Another 13 infants participated but their data were eliminated from the final analysis due to fussiness (3), failure to stay on task (i.e. no recovery of looking time to the post-trial relative to the last test trial; 8), ceiling performance (1), and researcher misoperation (1).
Stimuli
We created X-a-Y utterances for the familiarization phase. As shown in Table 1, there were four different utterances for the ye condition (i.e. XN-ye-YV ‘even X Y’), and four different utterances for the le condition (i.e. XV-le-YN ‘have X-ed Y’). Each of the utterances was recorded three times. Therefore, we had a total of 12 tokens (i.e. 4×3 = 12) of X-ye-Y sequences, and 12 tokens of X-le-Y sequences. The targets for categorization (i.e. X) were two monosyllables, shai1 and man2, which are phonologically unbiased toward either nouns or verbs (shai1 ‘sieve; to sift’; man2 ‘eel; to conceal’), while the filler words (i.e. Y) were disyllabic words used in Zhang et al. (2015), including tongji ‘calculation; to calculate’ and jianyan ‘examination; to examine’. These words were chosen because, first, they are unfamiliar abstract words that do not exist in the input (e.g. not found in Tong’s corpus; Deng & Yip, 2018), and second, they are ambicategorial between nouns and verbs, hence compatible with either type of contexts.

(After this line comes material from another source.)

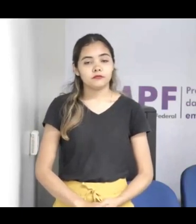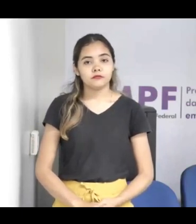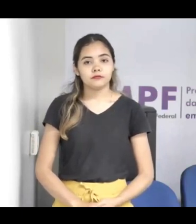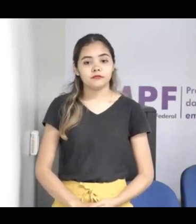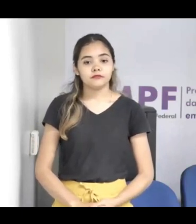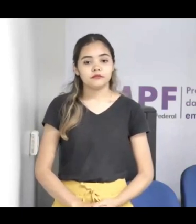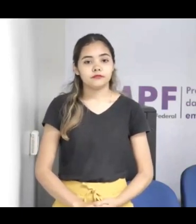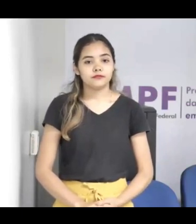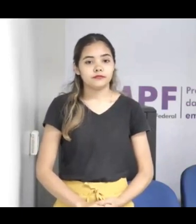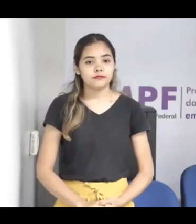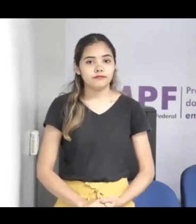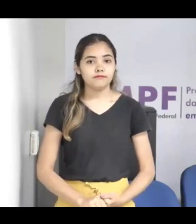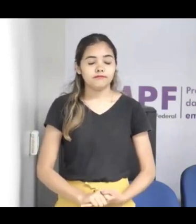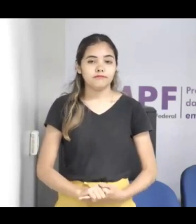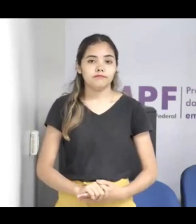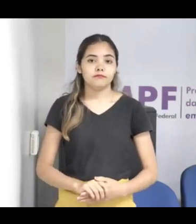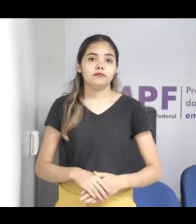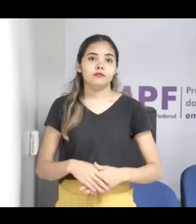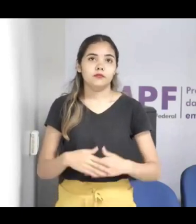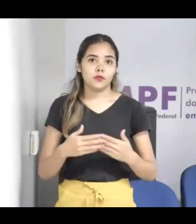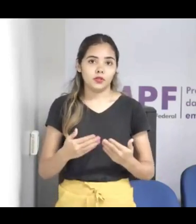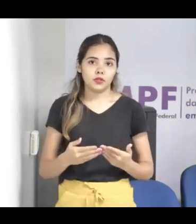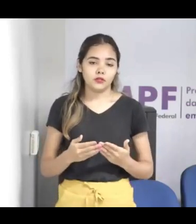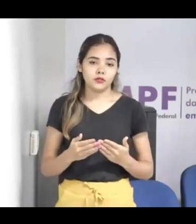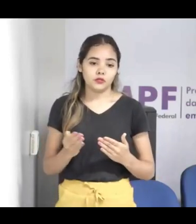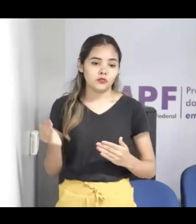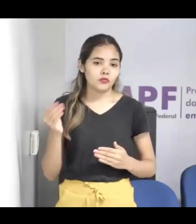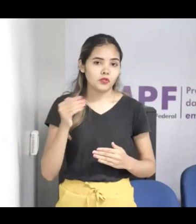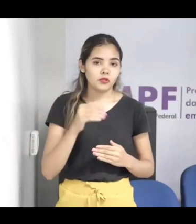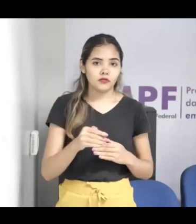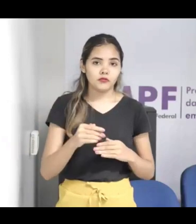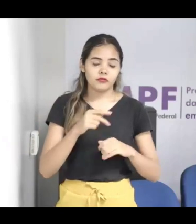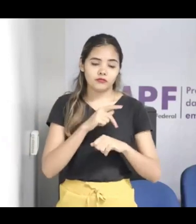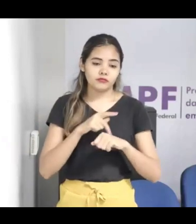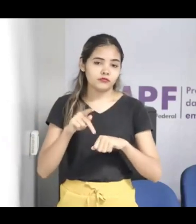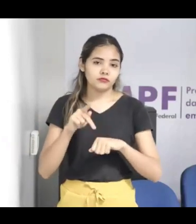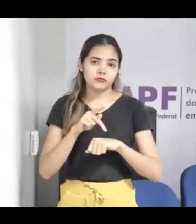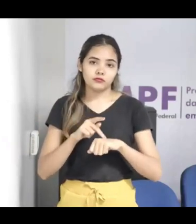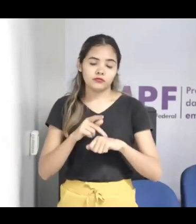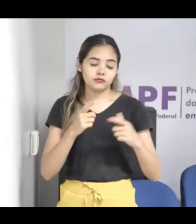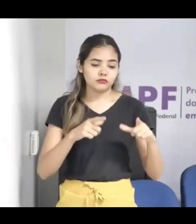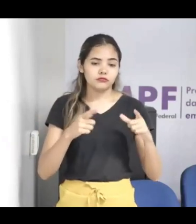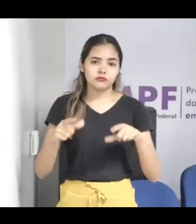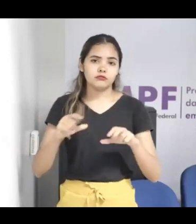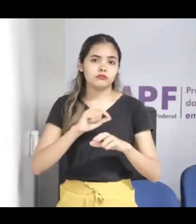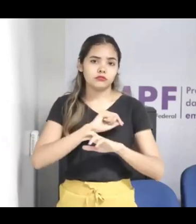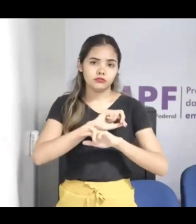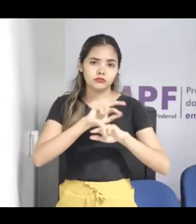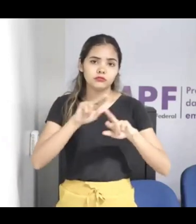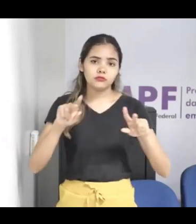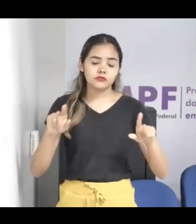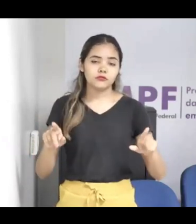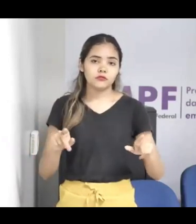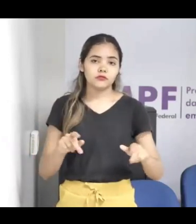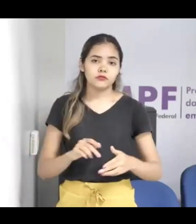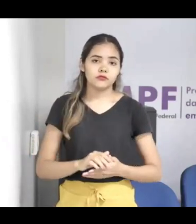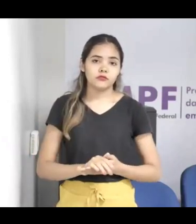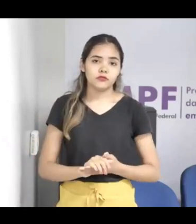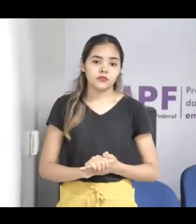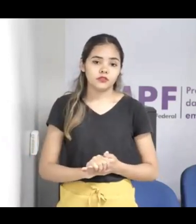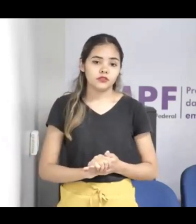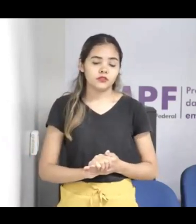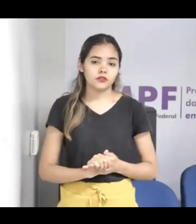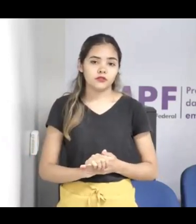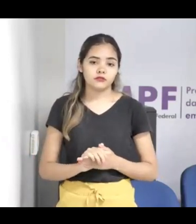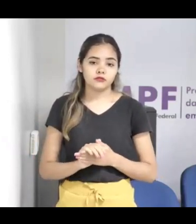várias cidades do Rio Grande do Sul para instalar espaços seguros para crianças dentro dos abrigos,
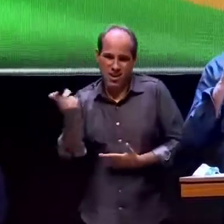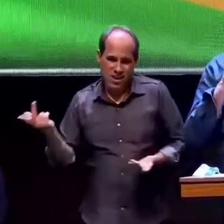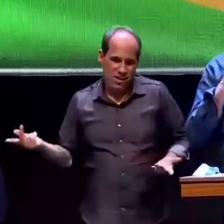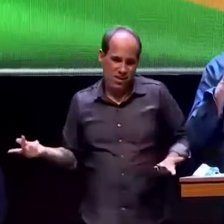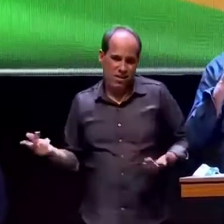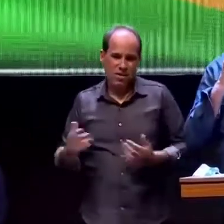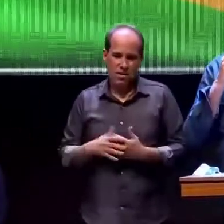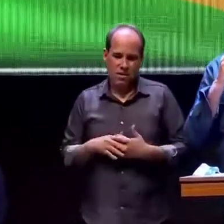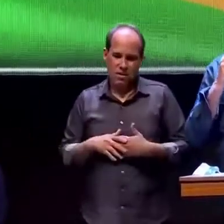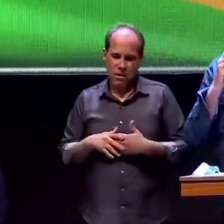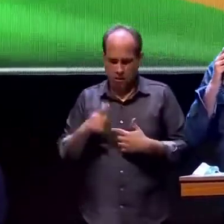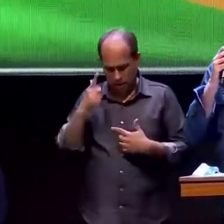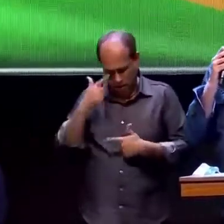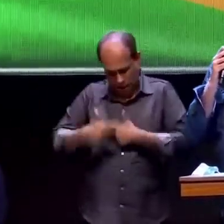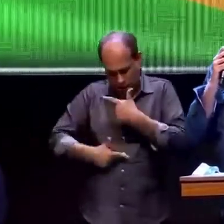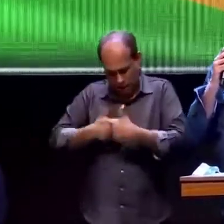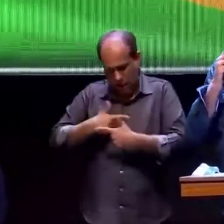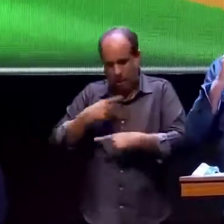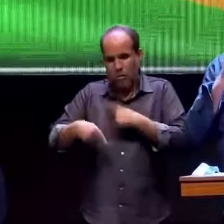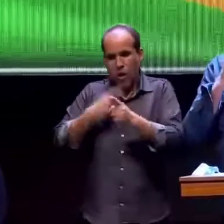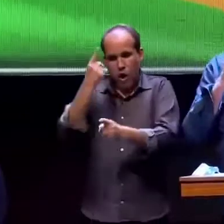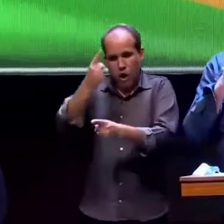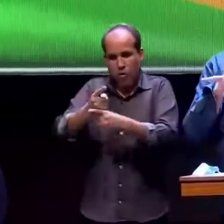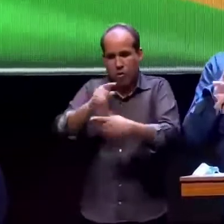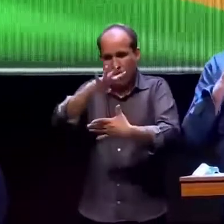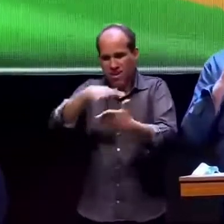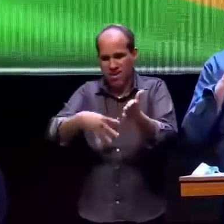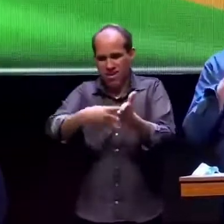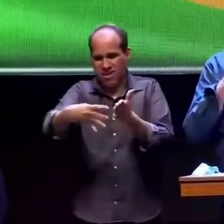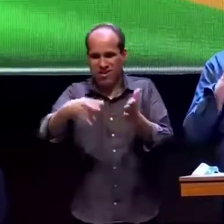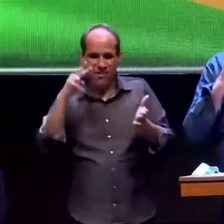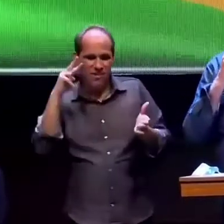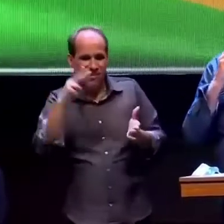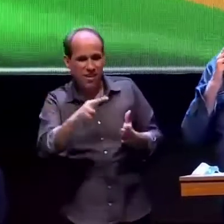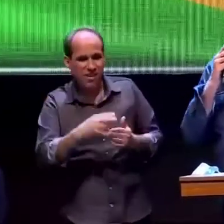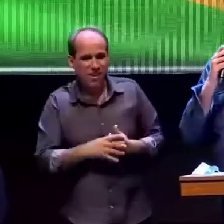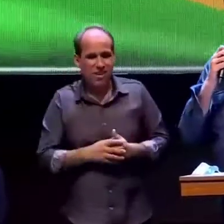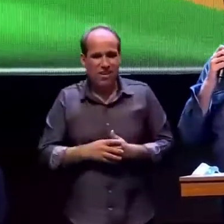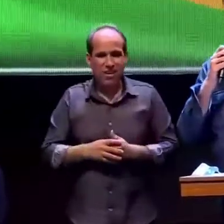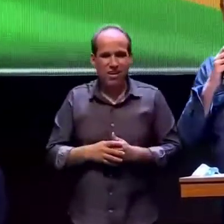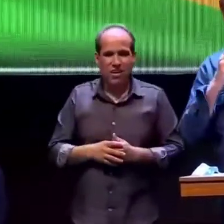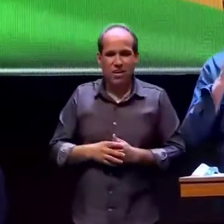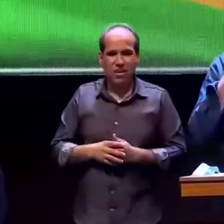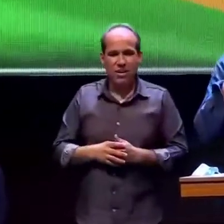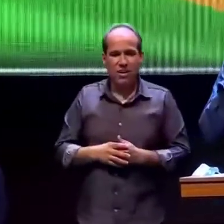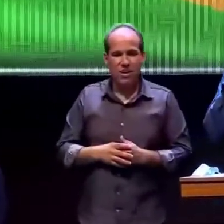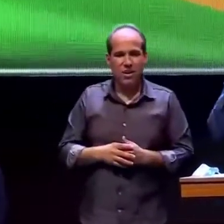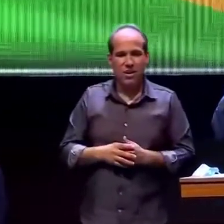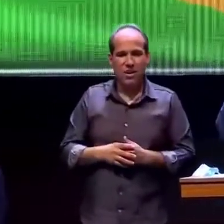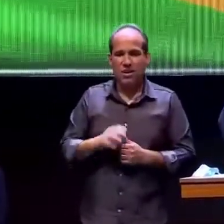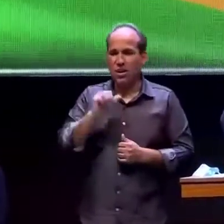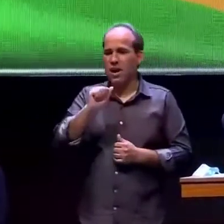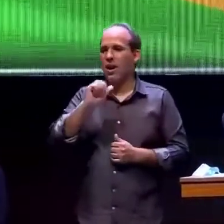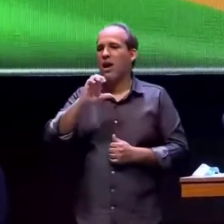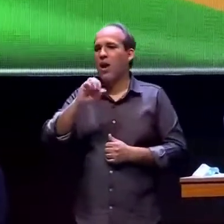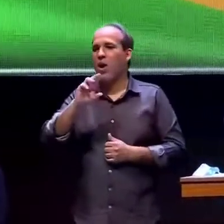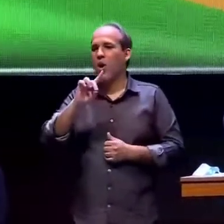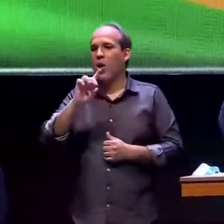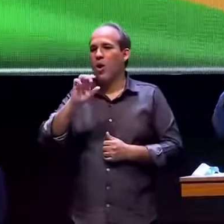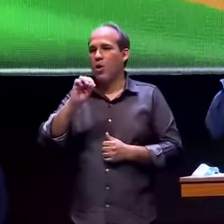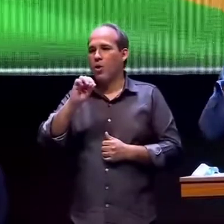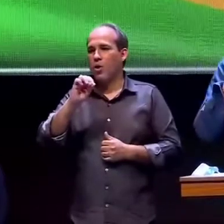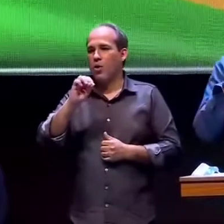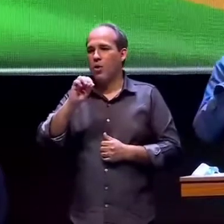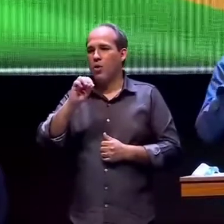trabalhei em cima daquilo e apareceu uma tabela eu só me equivoquei no dia que eu troquei acordo por tabela mas

The test phase involved two utterances of shi zhe-ge XN (‘be this-CL X’) for noun contexts, and two utterances of dou keyi XV (‘all may X’) for verb contexts, as shown in Table 1. Each utterance was recorded four times, thus yielding a total of eight tokens of shi zhe-ge XN utterances (i.e. 2 × 4 = 8), and eight tokens of dou keyi XV utterances.
Familiarization conditions and test items in the experiment.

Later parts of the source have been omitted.